Using dask, I can do distributed training if I modify that code this way:

```
import numpy as np
import dask
from dask.distributed import Client, LocalCluster
def get_chunks(sequence, chunk_size, svm=True):
"""A function that yields a list in chunks"""
res = []
if svm is False and isinstance(sequence, dict):
sequence = sequence.items()
for item in sequence:
res.append(item)
if len(res) >= chunk_size:
yield res
res = []
if res:
yield res # yield the last, incomplete, portion
def train_batches(index, chunk, targets, model):
outputs = model(chunk)
criterion = torch.nn.MSELoss()
loss = criterion(outputs, targets[index])
loss.backward()
gradients = []
for param in model.parameters():
gradients.append(param.grad.detach().numpy())
return outputs, loss, gradients
class NeuralNetwork(torch.nn.Module):
def __init__(self, input_size, output_size):
super(NeuralNetwork, self).__init__()
self.linear1 = torch.nn.Linear(input_size, 10)
self.linear2 = torch.nn.Linear(10, output_size)
def forward(self, X):
outputs = self.linear1(X)
outputs = self.linear2(outputs)
return outputs
if __name__ == '__main__':
cluster = LocalCluster(n_workers=4, threads_per_worker=2)
client = Client(cluster)
# Data
x = np.random.rand(10, 1)
y = np.random.rand(10, 1)
x = list(get_chunks(x, 5, svm=False))
y = list(get_chunks(y, 5, svm=False))
x = torch.tensor(x, dtype=torch.float)
y = torch.tensor(y, dtype=torch.float)
# Model stuff
model = NeuralNetwork(1, 1)
optimizer = torch.optim.Adam(model.parameters(), lr=1e-6)
# Training
for epoch in range(10000):
optimizer.zero_grad()
accumulation = []
for index, chunk in enumerate(x):
accumulation.append(client.submit(train_batches, *(index, chunk, y,
model)))
dask.distributed.wait(accumulation)
accumulation = client.gather(accumulation)
losses = []
outputs = []
grads = []
for index, chunk in enumerate(accumulation):
outputs = chunk[0]
loss = chunk[1]
losses.append(loss)
grad = np.array(chunk[2])
grads.append(grad)
grads = sum(grads)
for index, param in enumerate(model.parameters()):
param.grad = torch.tensor(grads[index])
loss = sum(losses)
optimizer.step()
print(epoch, loss)
```

This works because one can see how the loss function is decreasing with each epoch.

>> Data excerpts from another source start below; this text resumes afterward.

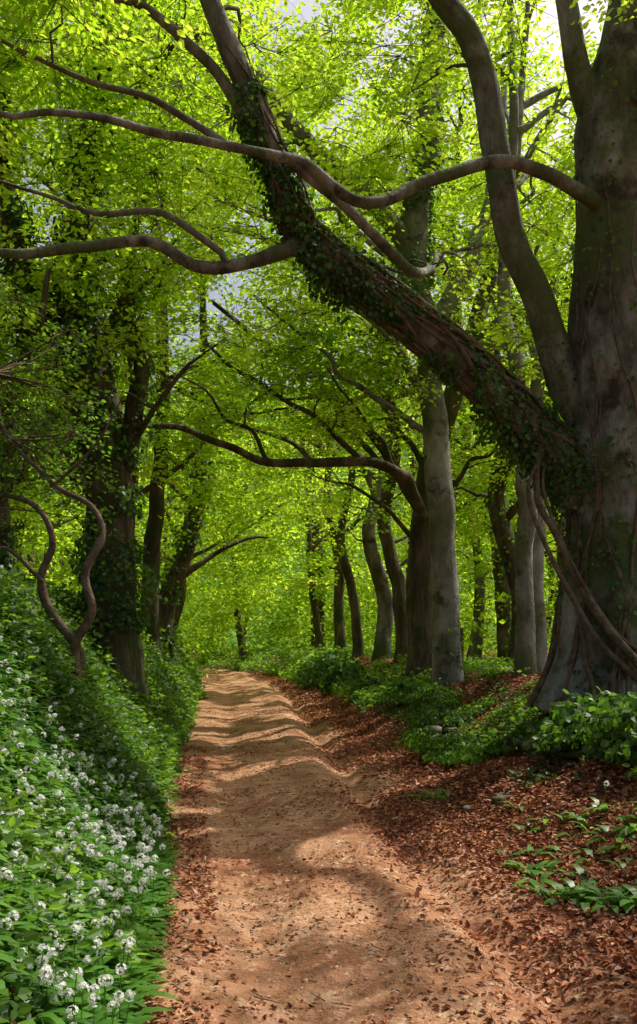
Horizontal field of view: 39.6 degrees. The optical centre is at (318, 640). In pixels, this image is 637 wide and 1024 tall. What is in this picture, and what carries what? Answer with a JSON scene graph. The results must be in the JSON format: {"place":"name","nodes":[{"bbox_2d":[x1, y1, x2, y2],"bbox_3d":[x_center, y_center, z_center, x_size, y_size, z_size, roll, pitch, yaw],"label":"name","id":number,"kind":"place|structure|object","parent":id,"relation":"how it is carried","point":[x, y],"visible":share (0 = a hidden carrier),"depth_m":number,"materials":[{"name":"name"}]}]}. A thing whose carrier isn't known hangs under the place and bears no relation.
{"place":"outdoors","nodes":[
{"label":"outdoors","id":0,"kind":"place"},
{"bbox_2d":[10,385,556,650],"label":"background hill","id":1,"kind":"structure","parent":0,"point":[233,633],"depth_m":107.07,"materials":[{"name":"green plant"}]},
{"bbox_2d":[0,0,607,389],"label":"sky","id":2,"kind":"structure","parent":0,"point":[306,11],"materials":[{"name":"white"}]},
{"bbox_2d":[0,601,636,1023],"bbox_3d":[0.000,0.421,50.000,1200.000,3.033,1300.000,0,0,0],"label":"ground","id":3,"kind":"structure","parent":0,"point":[602,793],"depth_m":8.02,"materials":[{"name":"brown plant"}]},
{"bbox_2d":[0,258,95,578],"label":"ivy clad tree","id":4,"kind":"object","parent":3,"relation":"on","point":[6,535],"visible":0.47,"depth_m":11.14,"materials":[{"name":"green plant"}]},
{"bbox_2d":[0,257,125,572],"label":"ash tree","id":5,"kind":"object","parent":3,"relation":"on","point":[6,319],"visible":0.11,"depth_m":26.90,"materials":[{"name":"green plant"}]},
{"bbox_2d":[0,283,127,683],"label":"twisted shrub","id":6,"kind":"object","parent":3,"relation":"on","point":[13,438],"visible":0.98,"depth_m":9.05,"materials":[{"name":"green plant"}]},
{"bbox_2d":[0,571,207,1023],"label":"bank ivy","id":7,"kind":"object","parent":3,"relation":"on","point":[20,1009],"visible":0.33,"depth_m":7.36,"materials":[{"name":"green plant"}]},
{"bbox_2d":[0,166,288,593],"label":"ash tree","id":8,"kind":"object","parent":3,"relation":"on","point":[135,474],"visible":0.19,"depth_m":19.32,"materials":[{"name":"green plant"}]},
{"bbox_2d":[0,0,304,693],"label":"ivy clad tree","id":9,"kind":"object","parent":3,"relation":"on","point":[118,624],"visible":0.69,"depth_m":13.43,"materials":[{"name":"green plant"}]},
{"bbox_2d":[2,244,305,678],"bbox_3d":[-5.041,-5.102,23.803,9.771,12.417,7.811,0,0,0],"label":"ash tree","id":10,"kind":"object","parent":3,"relation":"on","point":[196,503],"visible":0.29,"depth_m":24.64,"materials":[{"name":"green plant"}]},
{"bbox_2d":[78,410,300,627],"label":"ash tree","id":11,"kind":"object","parent":3,"relation":"on","point":[189,585],"visible":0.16,"depth_m":37.53,"materials":[{"name":"green plant"}]},
{"bbox_2d":[135,476,246,619],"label":"ash tree","id":12,"kind":"object","parent":3,"relation":"on","point":[165,541],"visible":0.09,"depth_m":46.18,"materials":[{"name":"green plant"}]},
{"bbox_2d":[0,0,394,408],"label":"ash tree","id":13,"kind":"object","parent":3,"relation":"on","point":[41,199],"visible":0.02,"depth_m":31.93,"materials":[{"name":"green plant"}]},
{"bbox_2d":[77,339,321,630],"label":"ash tree","id":14,"kind":"object","parent":3,"relation":"on","point":[178,612],"visible":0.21,"depth_m":32.63,"materials":[{"name":"green plant"}]},
{"bbox_2d":[7,0,438,669],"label":"ash tree","id":15,"kind":"object","parent":3,"relation":"on","point":[153,534],"visible":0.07,"depth_m":20.83,"materials":[{"name":"green plant"}]},
{"bbox_2d":[176,403,383,656],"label":"beech tree","id":16,"kind":"object","parent":3,"relation":"on","point":[317,624],"visible":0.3,"depth_m":43.05,"materials":[{"name":"green plant"}]},
{"bbox_2d":[164,355,405,655],"bbox_3d":[-1.225,-5.669,37.644,9.114,13.285,8.308,0,0,42],"label":"beech tree","id":17,"kind":"object","parent":3,"relation":"on","point":[340,640],"visible":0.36,"depth_m":37.83,"materials":[{"name":"green plant"}]},
{"bbox_2d":[0,50,595,676],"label":"background woodland","id":18,"kind":"object","parent":3,"relation":"on","point":[238,620],"visible":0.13,"depth_m":51.36,"materials":[{"name":"green plant"}]},
{"bbox_2d":[59,131,570,677],"bbox_3d":[1.876,-5.598,19.037,14.814,13.471,9.620,0,0,0],"label":"beech tree","id":19,"kind":"object","parent":3,"relation":"on","point":[419,611],"visible":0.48,"depth_m":18.00,"materials":[{"name":"green plant"}]},
{"bbox_2d":[0,0,636,712],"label":"beech tree","id":20,"kind":"object","parent":3,"relation":"on","point":[578,462],"visible":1,"depth_m":10.60,"materials":[{"name":"green plant"}]},
{"bbox_2d":[0,565,636,1023],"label":"ramsons plants","id":21,"kind":"object","parent":3,"relation":"on","point":[104,995],"visible":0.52,"depth_m":5.44,"materials":[{"name":"green plant"}]},
{"bbox_2d":[0,567,636,985],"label":"woodland undergrowth","id":22,"kind":"object","parent":3,"relation":"on","point":[300,655],"visible":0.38,"depth_m":9.87,"materials":[{"name":"green plant"}]},
{"bbox_2d":[34,0,608,686],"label":"beech tree","id":23,"kind":"object","parent":3,"relation":"on","point":[446,652],"visible":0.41,"depth_m":16.76,"materials":[{"name":"green plant"}]},
{"bbox_2d":[154,261,549,661],"bbox_3d":[1.461,-6.141,30.938,14.379,14.364,7.262,0,0,0],"label":"beech tree","id":24,"kind":"object","parent":3,"relation":"on","point":[384,627],"visible":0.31,"depth_m":30.71,"materials":[{"name":"green plant"}]},
{"bbox_2d":[246,297,471,660],"bbox_3d":[1.387,-6.465,32.458,8.667,14.680,7.322,0,0,0],"label":"beech tree","id":25,"kind":"object","parent":3,"relation":"on","point":[357,634],"visible":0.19,"depth_m":32.64,"materials":[{"name":"green plant"}]},
{"bbox_2d":[171,232,559,660],"bbox_3d":[2.147,-5.716,25.964,12.730,13.118,7.077,0,0,-12],"label":"beech tree","id":26,"kind":"object","parent":3,"relation":"on","point":[392,564],"visible":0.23,"depth_m":25.83,"materials":[{"name":"green plant"}]},
{"bbox_2d":[141,0,597,326],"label":"beech tree","id":27,"kind":"object","parent":3,"relation":"on","point":[364,91],"visible":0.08,"depth_m":23.23,"materials":[{"name":"green plant"}]},
{"bbox_2d":[247,0,575,658],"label":"beech tree","id":28,"kind":"object","parent":3,"relation":"on","point":[502,632],"visible":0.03,"depth_m":32.69,"materials":[{"name":"green plant"}]},
{"bbox_2d":[327,238,558,566],"bbox_3d":[4.450,-6.209,29.012,8.743,14.216,8.305,0,0,0],"label":"beech tree","id":29,"kind":"object","parent":3,"relation":"on","point":[399,401],"visible":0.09,"depth_m":28.62,"materials":[{"name":"green plant"}]},
{"bbox_2d":[292,644,636,790],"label":"ground ivy","id":30,"kind":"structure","parent":3,"relation":"on","point":[599,727],"depth_m":10.83,"materials":[{"name":"green plant"}]},
{"bbox_2d":[358,88,575,662],"bbox_3d":[4.489,-5.710,21.800,7.648,13.211,7.061,0,0,32],"label":"beech tree","id":31,"kind":"object","parent":3,"relation":"on","point":[501,517],"visible":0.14,"depth_m":21.85,"materials":[{"name":"green plant"}]},
{"bbox_2d":[335,0,602,674],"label":"beech tree","id":32,"kind":"object","parent":3,"relation":"on","point":[525,644],"visible":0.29,"depth_m":15.19,"materials":[{"name":"green plant"}]},
{"bbox_2d":[391,318,554,656],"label":"beech tree","id":33,"kind":"object","parent":3,"relation":"on","point":[482,567],"visible":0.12,"depth_m":35.86,"materials":[{"name":"green plant"}]},
{"bbox_2d":[353,1,593,673],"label":"beech tree","id":34,"kind":"object","parent":3,"relation":"on","point":[536,389],"visible":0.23,"depth_m":15.99,"materials":[{"name":"green plant"}]},
{"bbox_2d":[389,695,590,812],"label":"stone wall","id":35,"kind":"structure","parent":3,"relation":"on","point":[570,753],"depth_m":9.69,"materials":[{"name":"grey stone"}]},
{"bbox_2d":[419,205,575,556],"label":"beech tree","id":36,"kind":"object","parent":3,"relation":"on","point":[486,467],"visible":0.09,"depth_m":25.75,"materials":[{"name":"green plant"}]},
{"bbox_2d":[460,246,571,570],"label":"beech tree","id":37,"kind":"object","parent":3,"relation":"on","point":[559,557],"visible":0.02,"depth_m":31.07,"materials":[{"name":"green plant"}]},
{"bbox_2d":[481,357,555,577],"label":"beech tree","id":38,"kind":"object","parent":3,"relation":"on","point":[548,533],"visible":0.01,"depth_m":37.94,"materials":[{"name":"green plant"}]},
{"bbox_2d":[524,142,574,414],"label":"beech tree","id":39,"kind":"object","parent":3,"relation":"on","point":[542,148],"visible":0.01,"depth_m":19.02,"materials":[{"name":"green plant"}]},
{"bbox_2d":[137,668,636,1023],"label":"dirt path","id":40,"kind":"structure","parent":0,"point":[235,692],"depth_m":5.64,"materials":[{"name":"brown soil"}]},
{"bbox_2d":[144,730,635,1023],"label":"fallen twigs","id":41,"kind":"object","parent":40,"relation":"on","point":[352,893],"visible":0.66,"depth_m":6.15,"materials":[{"name":"brown wood"}]}
]}

If I go deeper and add a `client.submit()`

inside `forward()`

:

```
def forward(self, X):
client = dask.distributed.get_client()
outputs = self.linear1(X)
outputs = client.submit(self.linear2, outputs)
dask.distributed.wait(outputs)
outputs = client.gather(outputs)
return outputs
```

Then Pytorch does not create the gradients even though the outputs are computed correctly:

```
result[0] = yield future
File "/home/muammar/.local/lib/python3.7/site-packages/tornado/gen.py", line 729, in run
value = future.result()
File "/home/muammar/.local/lib/python3.7/site-packages/tornado/gen.py", line 736, in run
yielded = self.gen.throw(*exc_info) # type: ignore
File "/home/muammar/.local/lib/python3.7/site-packages/distributed-1.26.0+17.gd9143a0e-py3.7.egg/distributed/client.py", line 1497, in _gather
traceback)
File "/usr/lib/python3/dist-packages/six.py", line 692, in reraise
raise value.with_traceback(tb)
File "train.py", line 31, in train_batches
gradients.append(param.grad.detach().numpy())
AttributeError: 'NoneType' object has no attribute 'detach'
```

For this toy example, doing this is useless. However for the dictionary in the `forward()`

I showed in the first post this would be faster (I would expect). What do you think about this? Do you have any idea why is that failing?